Provided data:
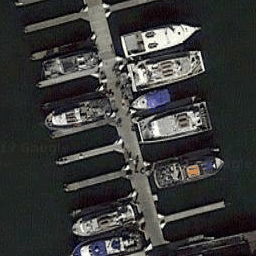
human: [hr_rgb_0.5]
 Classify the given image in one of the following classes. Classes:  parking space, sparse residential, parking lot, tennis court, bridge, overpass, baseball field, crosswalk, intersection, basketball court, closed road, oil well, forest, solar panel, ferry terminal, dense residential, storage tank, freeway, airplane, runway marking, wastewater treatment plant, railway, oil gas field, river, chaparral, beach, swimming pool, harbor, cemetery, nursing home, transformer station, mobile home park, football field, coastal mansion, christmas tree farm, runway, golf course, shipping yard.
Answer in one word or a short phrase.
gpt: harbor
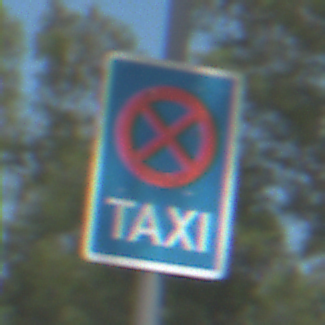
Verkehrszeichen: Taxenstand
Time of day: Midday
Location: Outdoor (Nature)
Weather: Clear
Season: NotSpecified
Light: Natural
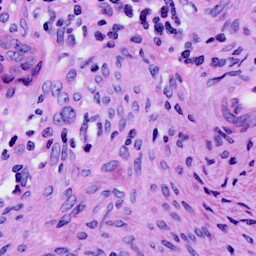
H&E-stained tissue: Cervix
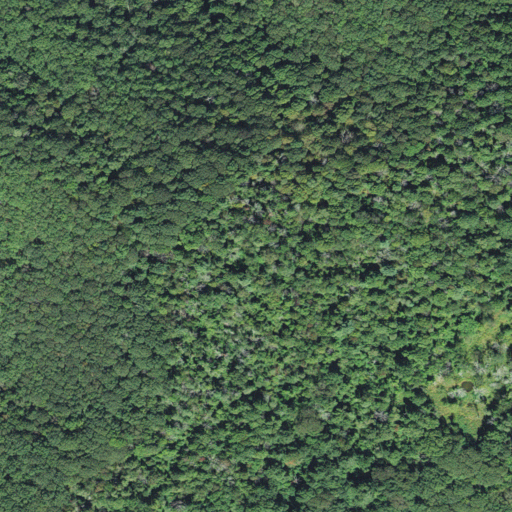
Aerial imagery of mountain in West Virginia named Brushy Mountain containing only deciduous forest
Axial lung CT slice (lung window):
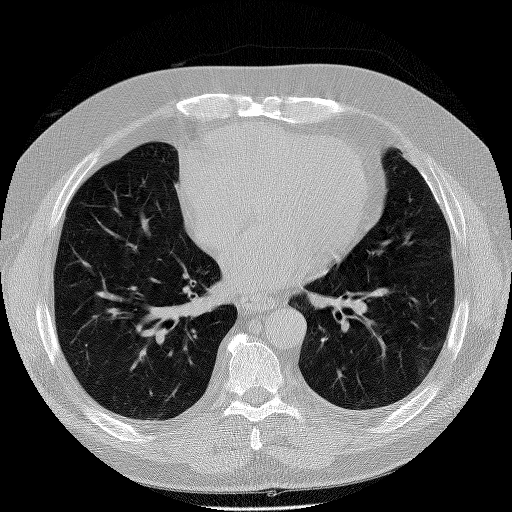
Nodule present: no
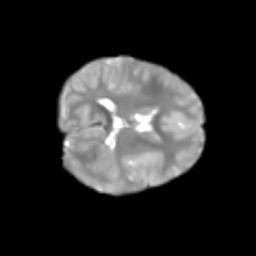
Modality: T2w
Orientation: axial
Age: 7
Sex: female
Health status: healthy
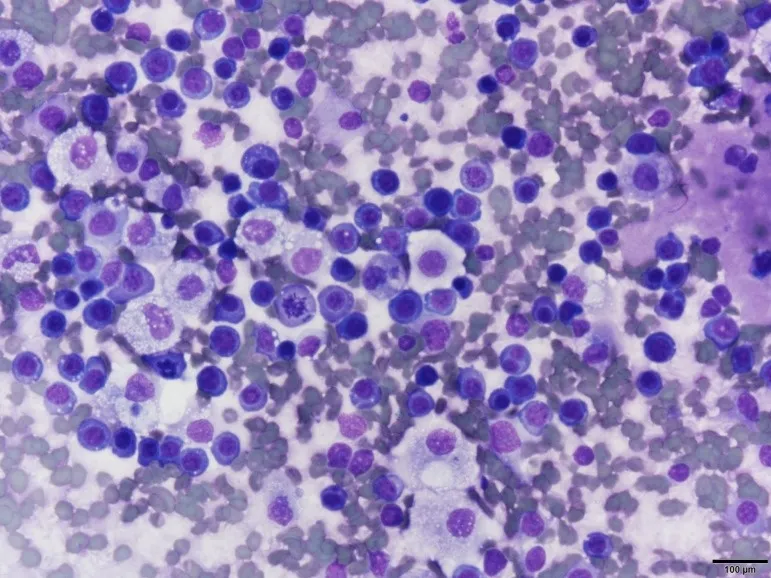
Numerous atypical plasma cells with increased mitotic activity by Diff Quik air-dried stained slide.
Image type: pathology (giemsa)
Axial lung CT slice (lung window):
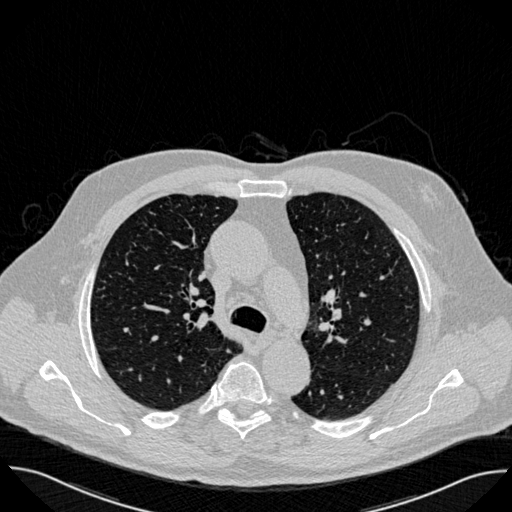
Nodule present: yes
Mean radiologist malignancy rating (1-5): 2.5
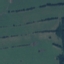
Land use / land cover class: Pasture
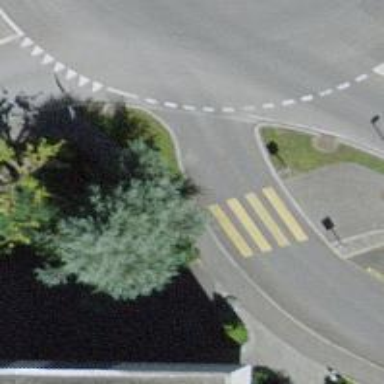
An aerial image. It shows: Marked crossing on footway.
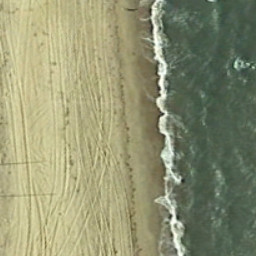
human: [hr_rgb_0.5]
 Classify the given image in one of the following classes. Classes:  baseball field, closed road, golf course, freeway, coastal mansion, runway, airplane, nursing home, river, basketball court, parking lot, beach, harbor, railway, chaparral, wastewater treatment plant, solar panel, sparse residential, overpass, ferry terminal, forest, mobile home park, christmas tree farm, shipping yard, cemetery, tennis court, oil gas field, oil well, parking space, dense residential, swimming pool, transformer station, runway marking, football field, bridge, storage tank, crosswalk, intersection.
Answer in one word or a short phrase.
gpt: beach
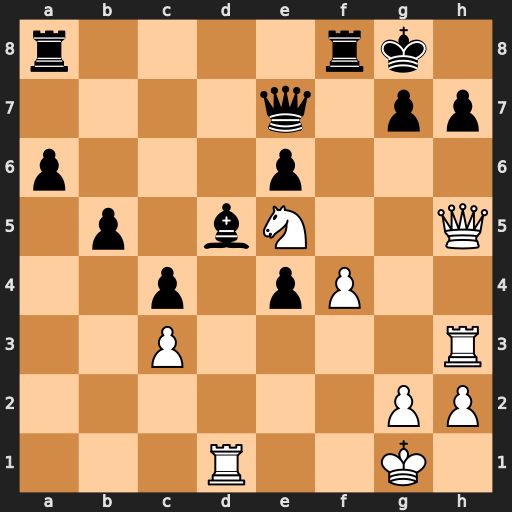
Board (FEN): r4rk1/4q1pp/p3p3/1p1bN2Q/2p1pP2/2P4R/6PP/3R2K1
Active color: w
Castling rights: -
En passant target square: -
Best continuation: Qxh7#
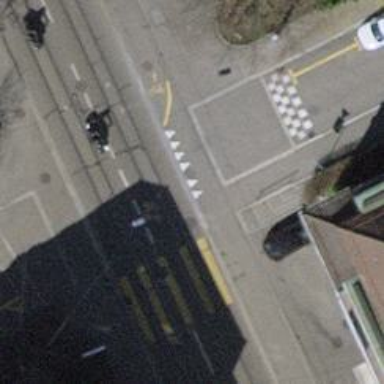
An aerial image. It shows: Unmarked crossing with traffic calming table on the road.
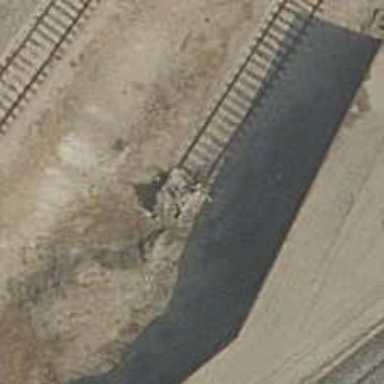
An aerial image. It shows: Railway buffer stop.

Work required:
Copy exactly the lines of the listing above between the one holding "Image type: pathology (giemsa)" and the one holding "tank, crosswalk, intersection.", inclusive; omit all pictures.

Exercise solution:
Image type: pathology (giemsa)
Axial lung CT slice (lung window):
Nodule present: yes
Mean radiologist malignancy rating (1-5): 2.5
Land use / land cover class: Pasture
An aerial image. It shows: Marked crossing on footway.
human: [hr_rgb_0.5]
 Classify the given image in one of the following classes. Classes:  baseball field, closed road, golf course, freeway, coastal mansion, runway, airplane, nursing home, river, basketball court, parking lot, beach, harbor, railway, chaparral, wastewater treatment plant, solar panel, sparse residential, overpass, ferry terminal, forest, mobile home park, christmas tree farm, shipping yard, cemetery, tennis court, oil gas field, oil well, parking space, dense residential, swimming pool, transformer station, runway marking, football field, bridge, storage tank, crosswalk, intersection.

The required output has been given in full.